Say there's a query in a product table that multiplies price and quantity to get the total price.

SELECT item_id,
       price * quantity AS total
FROM items;
item_idpricequantitytotal
11002200
2NULL3NULL
3200NULLNULL
4NULLNULLNULL

Flow of NULL propagating in operations

If either price or quantity is NULL, the total price also becomes NULL. The calculation isn't wrong. It means the result of a calculation with an unknown value must remain unknown.

When this behavior becomes a problem, handle it with COALESCE. COALESCE(value, replacement) returns the replacement value when the value is NULL.

SELECT item_id,
       COALESCE(price, 0) * COALESCE(quantity, 0) AS total
FROM items;

However, unconditionally filling NULL with 0 isn't always correct. The moment you change the "unknown" state to 0, the meaning of the data can change. What value to replace it with should be decided based on what the data means.

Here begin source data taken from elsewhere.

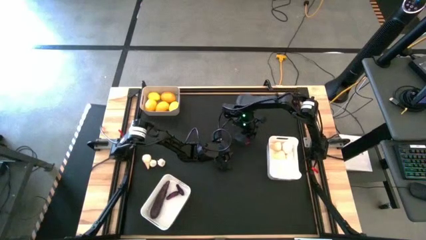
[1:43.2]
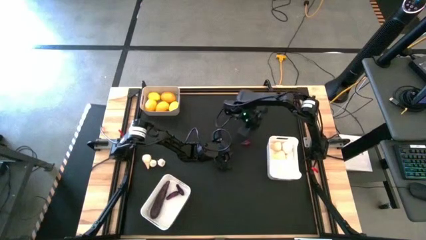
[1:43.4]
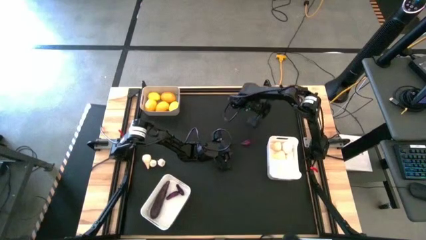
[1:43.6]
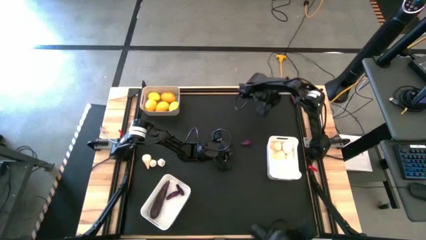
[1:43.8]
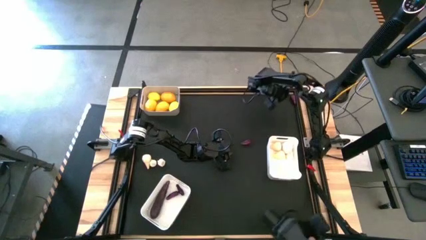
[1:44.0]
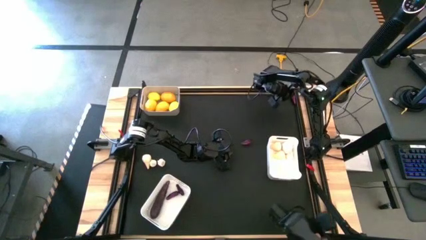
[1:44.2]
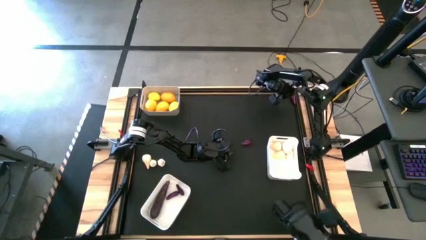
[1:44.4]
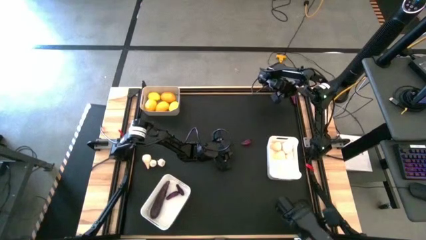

Aggregate functions handle it differently

Unlike in normal operations where NULL propagates, aggregate functions like SUM, AVG, MAX, and MIN typically skip NULL and calculate based on rows that have values.

-- Values in the scores column: 80, NULL, 90, NULL, 70
SELECT SUM(score),  -- 240  (excluding NULL)
       AVG(score),  -- 80   (240 ÷ 3, excluding NULL)
       MAX(score),  -- 90
       MIN(score)   -- 70
FROM scores;

SUM doesn't treat NULL as 0. It just skips it as if it doesn't exist. AVG also doesn't divide by the total number of rows, but only by the number of rows with values. If there are 5 values and 2 NULLs, it divides by 3.

COUNT, one of the aggregate functions, works in two ways.

SELECT COUNT(*),     -- 5 (total number of rows, including NULL)
       COUNT(score)  -- 3 (only rows with values)
FROM scores;

Difference between COUNT(*) vs COUNT(col)

COUNT(*) counts the rows themselves. If a row exists, it's included even if there's a NULL. COUNT(score) counts only rows that have values in the score column. Rows with NULL are excluded.

Without knowing this difference, it's easy to mistake the total number of members for the number of members with phone numbers. They're different questions.

Problems left by empty values

Handling NULL is more about how to read data than about grammar.

The presence of NULL in a table is a record of a time when that data was unknown. The phone number wasn't entered at registration, or the shipping address wasn't yet determined, or a measurement was missing. NULL preserves that situation as is.

The reason WHERE phone = NULL doesn't work, NULL + 1 becomes NULL, and COUNT(*) and COUNT(col) are different—it's all for the same reason. Unknown values remain unknown.

Whether to fill that unknown with 0, exclude it, or leave it as is is a decision that the person writing the query must make. The database speaks honestly: it doesn't know. It's up to the person asking the question to decide how to read that honesty.